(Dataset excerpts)
******

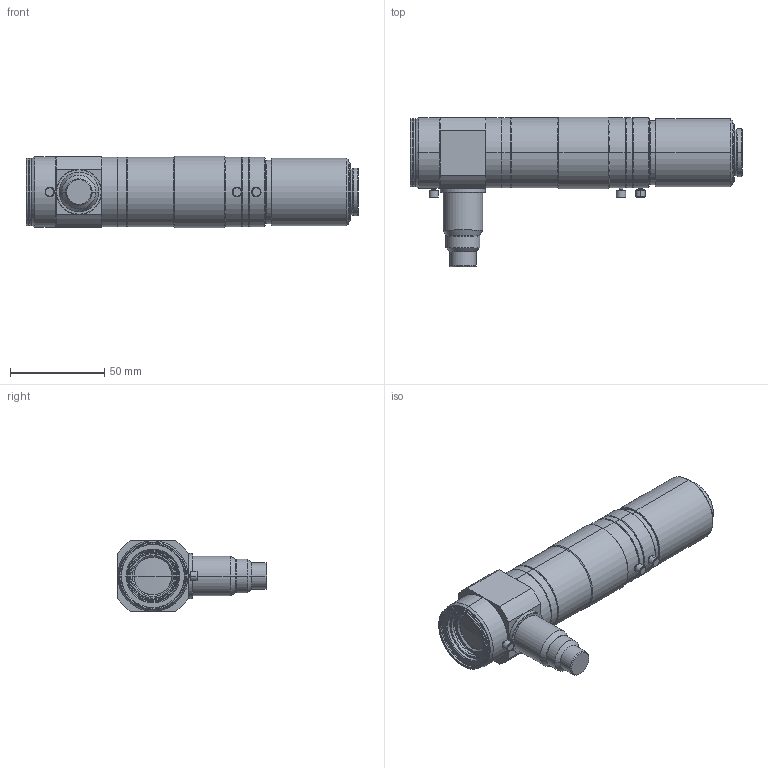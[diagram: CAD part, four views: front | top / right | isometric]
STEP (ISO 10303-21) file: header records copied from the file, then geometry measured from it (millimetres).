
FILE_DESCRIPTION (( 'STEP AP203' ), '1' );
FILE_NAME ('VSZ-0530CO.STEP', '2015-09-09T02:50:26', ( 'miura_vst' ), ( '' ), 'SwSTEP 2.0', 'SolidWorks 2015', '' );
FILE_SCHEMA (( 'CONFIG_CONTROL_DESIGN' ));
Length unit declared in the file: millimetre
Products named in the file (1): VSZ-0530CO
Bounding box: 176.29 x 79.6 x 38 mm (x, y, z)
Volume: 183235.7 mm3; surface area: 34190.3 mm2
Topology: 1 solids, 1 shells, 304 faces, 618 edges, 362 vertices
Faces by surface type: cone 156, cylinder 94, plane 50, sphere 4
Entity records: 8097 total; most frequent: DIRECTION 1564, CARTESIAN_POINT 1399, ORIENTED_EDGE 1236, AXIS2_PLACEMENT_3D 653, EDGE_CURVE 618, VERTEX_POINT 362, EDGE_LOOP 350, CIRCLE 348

******

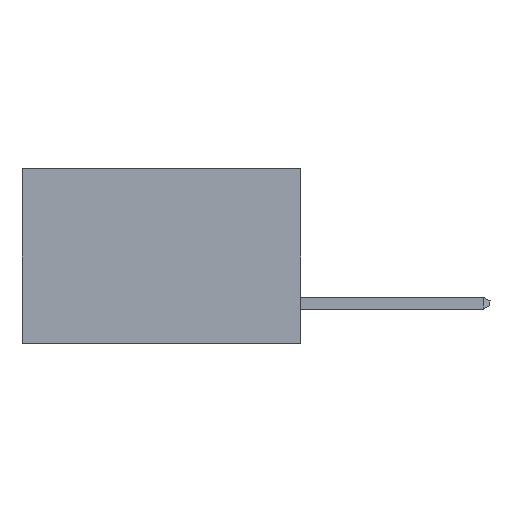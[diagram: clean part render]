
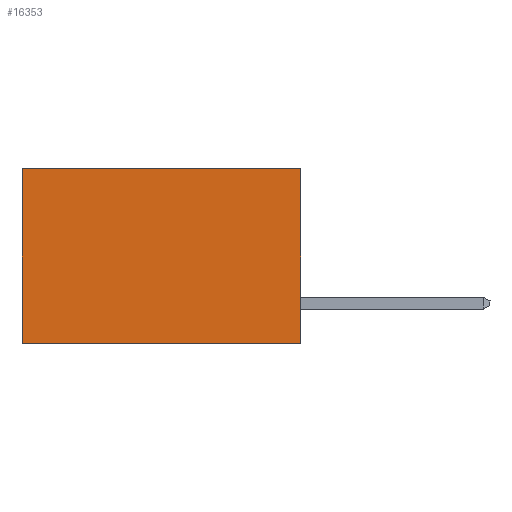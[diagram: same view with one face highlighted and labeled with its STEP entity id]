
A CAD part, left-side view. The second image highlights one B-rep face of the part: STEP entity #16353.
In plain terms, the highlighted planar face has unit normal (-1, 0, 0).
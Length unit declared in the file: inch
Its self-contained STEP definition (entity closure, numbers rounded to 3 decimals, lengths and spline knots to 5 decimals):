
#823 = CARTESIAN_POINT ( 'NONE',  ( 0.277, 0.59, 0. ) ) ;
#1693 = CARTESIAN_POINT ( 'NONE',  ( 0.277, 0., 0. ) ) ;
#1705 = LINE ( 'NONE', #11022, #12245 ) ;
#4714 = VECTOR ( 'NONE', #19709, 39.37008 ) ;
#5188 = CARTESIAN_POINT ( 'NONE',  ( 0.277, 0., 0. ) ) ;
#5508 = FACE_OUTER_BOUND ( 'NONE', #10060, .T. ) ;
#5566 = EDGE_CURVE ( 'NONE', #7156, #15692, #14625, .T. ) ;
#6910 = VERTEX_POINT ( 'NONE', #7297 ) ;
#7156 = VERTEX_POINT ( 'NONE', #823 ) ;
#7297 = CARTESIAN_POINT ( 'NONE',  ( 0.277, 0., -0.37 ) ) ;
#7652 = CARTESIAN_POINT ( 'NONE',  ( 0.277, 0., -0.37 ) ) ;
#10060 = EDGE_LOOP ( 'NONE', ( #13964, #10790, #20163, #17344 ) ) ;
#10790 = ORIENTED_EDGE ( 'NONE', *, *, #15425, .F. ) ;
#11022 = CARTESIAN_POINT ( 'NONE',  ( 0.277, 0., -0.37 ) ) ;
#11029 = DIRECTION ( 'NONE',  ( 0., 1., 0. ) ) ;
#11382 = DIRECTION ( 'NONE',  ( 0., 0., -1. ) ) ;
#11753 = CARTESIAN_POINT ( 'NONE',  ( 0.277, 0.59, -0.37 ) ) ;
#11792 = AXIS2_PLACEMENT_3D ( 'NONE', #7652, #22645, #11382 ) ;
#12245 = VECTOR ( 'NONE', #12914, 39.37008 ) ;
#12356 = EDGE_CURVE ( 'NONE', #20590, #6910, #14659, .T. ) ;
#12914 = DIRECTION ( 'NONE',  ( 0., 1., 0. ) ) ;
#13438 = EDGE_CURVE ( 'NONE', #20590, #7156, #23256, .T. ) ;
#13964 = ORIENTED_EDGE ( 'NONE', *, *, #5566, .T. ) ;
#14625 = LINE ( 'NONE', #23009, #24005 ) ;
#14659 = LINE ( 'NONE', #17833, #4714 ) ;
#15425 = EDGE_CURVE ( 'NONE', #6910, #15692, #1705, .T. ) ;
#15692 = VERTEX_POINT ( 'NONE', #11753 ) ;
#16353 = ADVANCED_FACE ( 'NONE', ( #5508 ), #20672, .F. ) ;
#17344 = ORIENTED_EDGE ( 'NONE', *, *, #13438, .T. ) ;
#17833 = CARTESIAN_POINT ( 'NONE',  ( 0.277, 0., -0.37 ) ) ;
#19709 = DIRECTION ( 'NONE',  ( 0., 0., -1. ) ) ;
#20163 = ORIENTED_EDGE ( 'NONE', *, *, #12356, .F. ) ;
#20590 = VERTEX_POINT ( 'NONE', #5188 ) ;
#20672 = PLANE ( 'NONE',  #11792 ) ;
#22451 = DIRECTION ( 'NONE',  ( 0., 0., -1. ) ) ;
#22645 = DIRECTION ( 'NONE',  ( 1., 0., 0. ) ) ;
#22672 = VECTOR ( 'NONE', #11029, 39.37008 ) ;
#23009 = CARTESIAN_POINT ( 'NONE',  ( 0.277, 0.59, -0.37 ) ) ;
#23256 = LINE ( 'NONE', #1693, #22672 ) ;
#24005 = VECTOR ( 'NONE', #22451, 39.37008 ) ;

******

**PROBLEM STATEMENT**
Above are records with pictures. Reproduce exactly only the lines from the line with "[diagram: clean part render]" through the line with "Length unit declared in the file: inch", both ends included, and leave the pictures out.

**RESULT OF THE TASK**
[diagram: clean part render]
[diagram: same view with one face highlighted and labeled with its STEP entity id]
A CAD part, left-side view. The second image highlights one B-rep face of the part: STEP entity #16353.
In plain terms, the highlighted planar face has unit normal (-1, 0, 0).
Length unit declared in the file: inch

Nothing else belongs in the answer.